Records contained in a dataset:
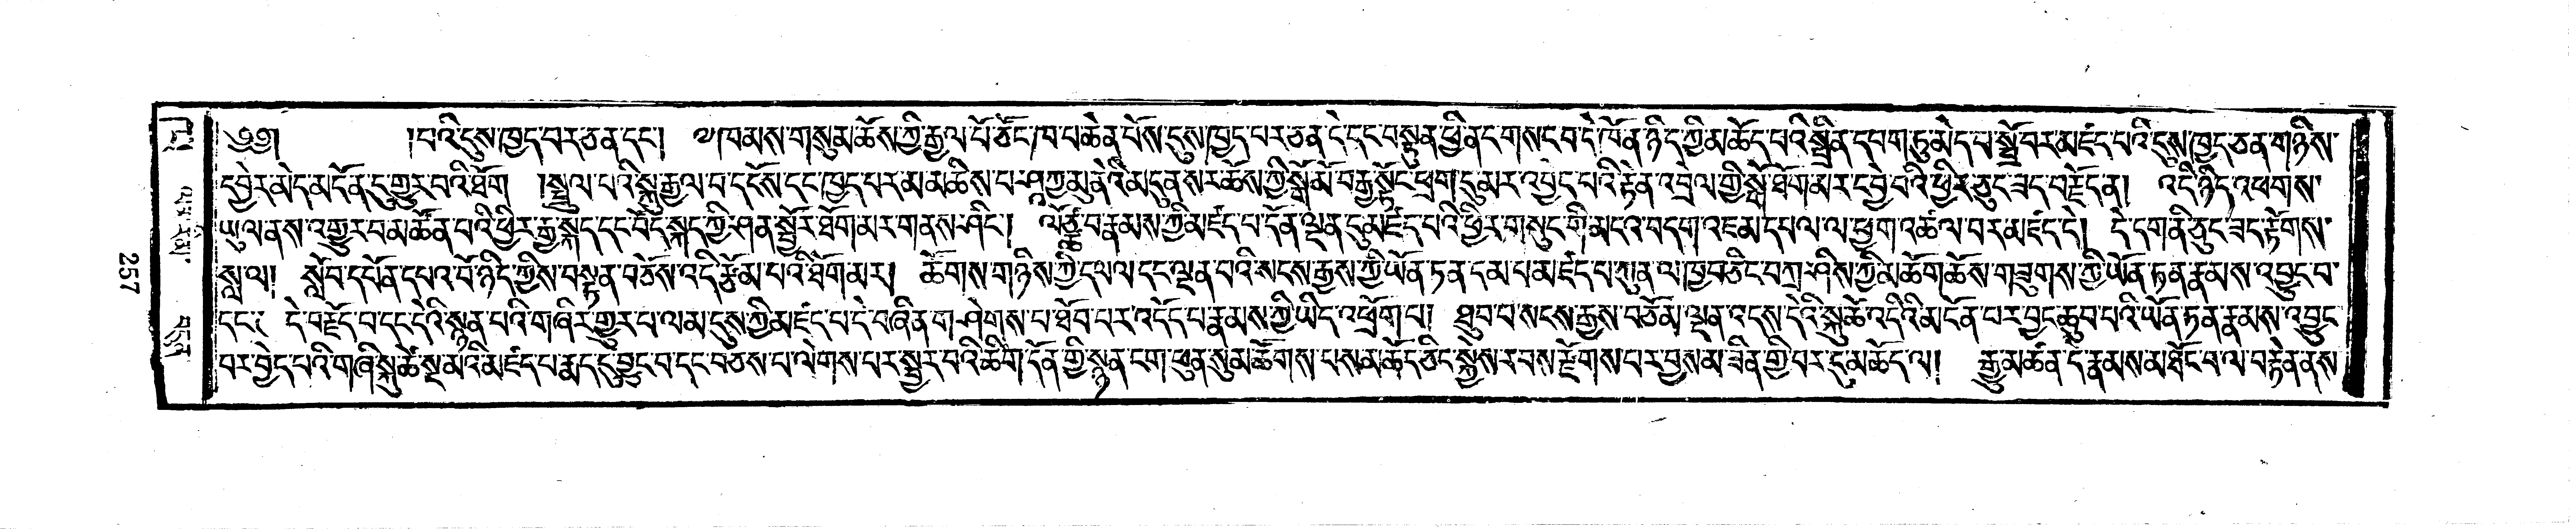༄༅། །པའི་དུས་ཁྱད་པར་ཅན་དང་། ༧་ཁམས་གསུམ་ཆོས་ཀྱི་རྒྱལ་པོ་ཙོང་ཁ་པ་ཆེན་པོས་དུས་ཁྱད་པར་ཅན་དེ་དང་བསྟུན་ཕྱི་ནང་གསང་བ་དེ་ཁོ་ན་ཉིད་ཀྱི་མཆོད་པའི་སྤྲིན་དཔག་ཏུ་མེད་པ་སྤྲོ་བར་མཛད་པའི་དུས་ཁྱད་ཅན་གཉིས་
དབྱེར་མེད་མངོན་དུ་གྱུར་བའི་ཐོག །སྤྲུལ་པའི་སྐུ་རྒྱལ་བ་དངོས་དང་ཁྱད་པར་མ་མཆིས་པ་ཤཱཀྱ་མུ་ནེའི་མདུན་སར་ཆོས་ཀྱི་སྒོ་མོ་བརྒྱ་སྟོང་ཕྲག་དུ་མར་འབྱེད་པའི་རྟེན་འབྲེལ་གྱི་སྒོ་ཐོག་མར་དབྱེ་བའི་ཕྱིར་ཅུང་ཟད་བརྗོད་ན། འདི་ཉིད་འཕགས་
ཡུལ་ནས་འགྱུར་བ་མཚོན་པའི་ཕྱིར་རྒྱ་སྐད་དང་བོད་སྐད་ཀྱི་ཤན་སྦྱོར་ཐོག་མར་གནས་ཤིང་། ལོཙྪ་བ་རྣམས་ཀྱི་མཛད་པ་དོན་ལྡན་དུ་མཛད་པའི་ཕྱིར་གསུང་གི་མངའ་བདག་འཇམ་དཔལ་ལ་ཕྱག་འཚལ་བར་མཛད་དེ། དེ་དག་ནི་ཅུང་ཟད་རྟོགས་
སླ་ལ། སློབ་དཔོན་དཔའ་བོ་ཉིད་ཀྱིས་བསྟན་བཅོས་འདི་རྩོམ་པའི་ཐོག་མར། ཚོགས་གཉིས་ཀྱི་དཔལ་དང་ལྡན་པའི་སངས་རྒྱས་ཀྱི་ཡོན་ཏན་དམ་པ་མཛད་པ་ཀུན་ལ་ཁྱབ་ཅིང་བཀྲ་ཤིས་ཀྱི་མཆོག་ཆོས་གཟུགས་ཀྱི་ཡོན་ཏན་རྣམས་འབྱུང་བ་
དང༑ དེ་བརྗོད་པ་དང་དེའི་སྙན་པའི་གཞིར་གྱུར་པ་ལམ་དུས་ཀྱི་མཛད་པ་དེ་བཞིན་གཤེགས་པ་ཐོབ་པར་འདོད་པ་རྣམས་ཀྱི་ཡིད་འཕྲོག་པ། ཐུབ་པ་སངས་རྒྱས་བཅོམ་ལྡན་འདས་དེའི་སྐུ་ཚེ་འདིའི་མངོན་པར་བྱང་ཆུབ་པའི་ཡོན་ཏན་རྣམས་འབྱུང་
བར་བྱེད་པའི་གཞི་སྐུ་ཚེ་སྔ་མའི་མཛད་པ་རྨད་དུ་བྱུང་བ་དང་བཅས་པ་ལེགས་པར་སྦྱར་བའི་ཚིག་དོན་གྱི་སྙན་ངག་ཕུན་སུམ་ཚོགས་པས་མཆོད་ཅིང་སྐྱེས་རབས་རྫོགས་པར་བྱས་མ་ཟིན་གྱི་བར་དུ་མཆོད་ལ། རྒྱུ་མཚན་དེ་རྣམས་མཐོང་བ་ལ་བརྟེན་ནས་

Aim of the task: Make a word-for-word copy of the records above, excluding all pictures.

Worked solution:
༄༅། །པའི་དུས་ཁྱད་པར་ཅན་དང་། ༧་ཁམས་གསུམ་ཆོས་ཀྱི་རྒྱལ་པོ་ཙོང་ཁ་པ་ཆེན་པོས་དུས་ཁྱད་པར་ཅན་དེ་དང་བསྟུན་ཕྱི་ནང་གསང་བ་དེ་ཁོ་ན་ཉིད་ཀྱི་མཆོད་པའི་སྤྲིན་དཔག་ཏུ་མེད་པ་སྤྲོ་བར་མཛད་པའི་དུས་ཁྱད་ཅན་གཉིས་
དབྱེར་མེད་མངོན་དུ་གྱུར་བའི་ཐོག །སྤྲུལ་པའི་སྐུ་རྒྱལ་བ་དངོས་དང་ཁྱད་པར་མ་མཆིས་པ་ཤཱཀྱ་མུ་ནེའི་མདུན་སར་ཆོས་ཀྱི་སྒོ་མོ་བརྒྱ་སྟོང་ཕྲག་དུ་མར་འབྱེད་པའི་རྟེན་འབྲེལ་གྱི་སྒོ་ཐོག་མར་དབྱེ་བའི་ཕྱིར་ཅུང་ཟད་བརྗོད་ན། འདི་ཉིད་འཕགས་
ཡུལ་ནས་འགྱུར་བ་མཚོན་པའི་ཕྱིར་རྒྱ་སྐད་དང་བོད་སྐད་ཀྱི་ཤན་སྦྱོར་ཐོག་མར་གནས་ཤིང་། ལོཙྪ་བ་རྣམས་ཀྱི་མཛད་པ་དོན་ལྡན་དུ་མཛད་པའི་ཕྱིར་གསུང་གི་མངའ་བདག་འཇམ་དཔལ་ལ་ཕྱག་འཚལ་བར་མཛད་དེ། དེ་དག་ནི་ཅུང་ཟད་རྟོགས་
སླ་ལ། སློབ་དཔོན་དཔའ་བོ་ཉིད་ཀྱིས་བསྟན་བཅོས་འདི་རྩོམ་པའི་ཐོག་མར། ཚོགས་གཉིས་ཀྱི་དཔལ་དང་ལྡན་པའི་སངས་རྒྱས་ཀྱི་ཡོན་ཏན་དམ་པ་མཛད་པ་ཀུན་ལ་ཁྱབ་ཅིང་བཀྲ་ཤིས་ཀྱི་མཆོག་ཆོས་གཟུགས་ཀྱི་ཡོན་ཏན་རྣམས་འབྱུང་བ་
དང༑ དེ་བརྗོད་པ་དང་དེའི་སྙན་པའི་གཞིར་གྱུར་པ་ལམ་དུས་ཀྱི་མཛད་པ་དེ་བཞིན་གཤེགས་པ་ཐོབ་པར་འདོད་པ་རྣམས་ཀྱི་ཡིད་འཕྲོག་པ། ཐུབ་པ་སངས་རྒྱས་བཅོམ་ལྡན་འདས་དེའི་སྐུ་ཚེ་འདིའི་མངོན་པར་བྱང་ཆུབ་པའི་ཡོན་ཏན་རྣམས་འབྱུང་
བར་བྱེད་པའི་གཞི་སྐུ་ཚེ་སྔ་མའི་མཛད་པ་རྨད་དུ་བྱུང་བ་དང་བཅས་པ་ལེགས་པར་སྦྱར་བའི་ཚིག་དོན་གྱི་སྙན་ངག་ཕུན་སུམ་ཚོགས་པས་མཆོད་ཅིང་སྐྱེས་རབས་རྫོགས་པར་བྱས་མ་ཟིན་གྱི་བར་དུ་མཆོད་ལ། རྒྱུ་མཚན་དེ་རྣམས་མཐོང་བ་ལ་བརྟེན་ནས་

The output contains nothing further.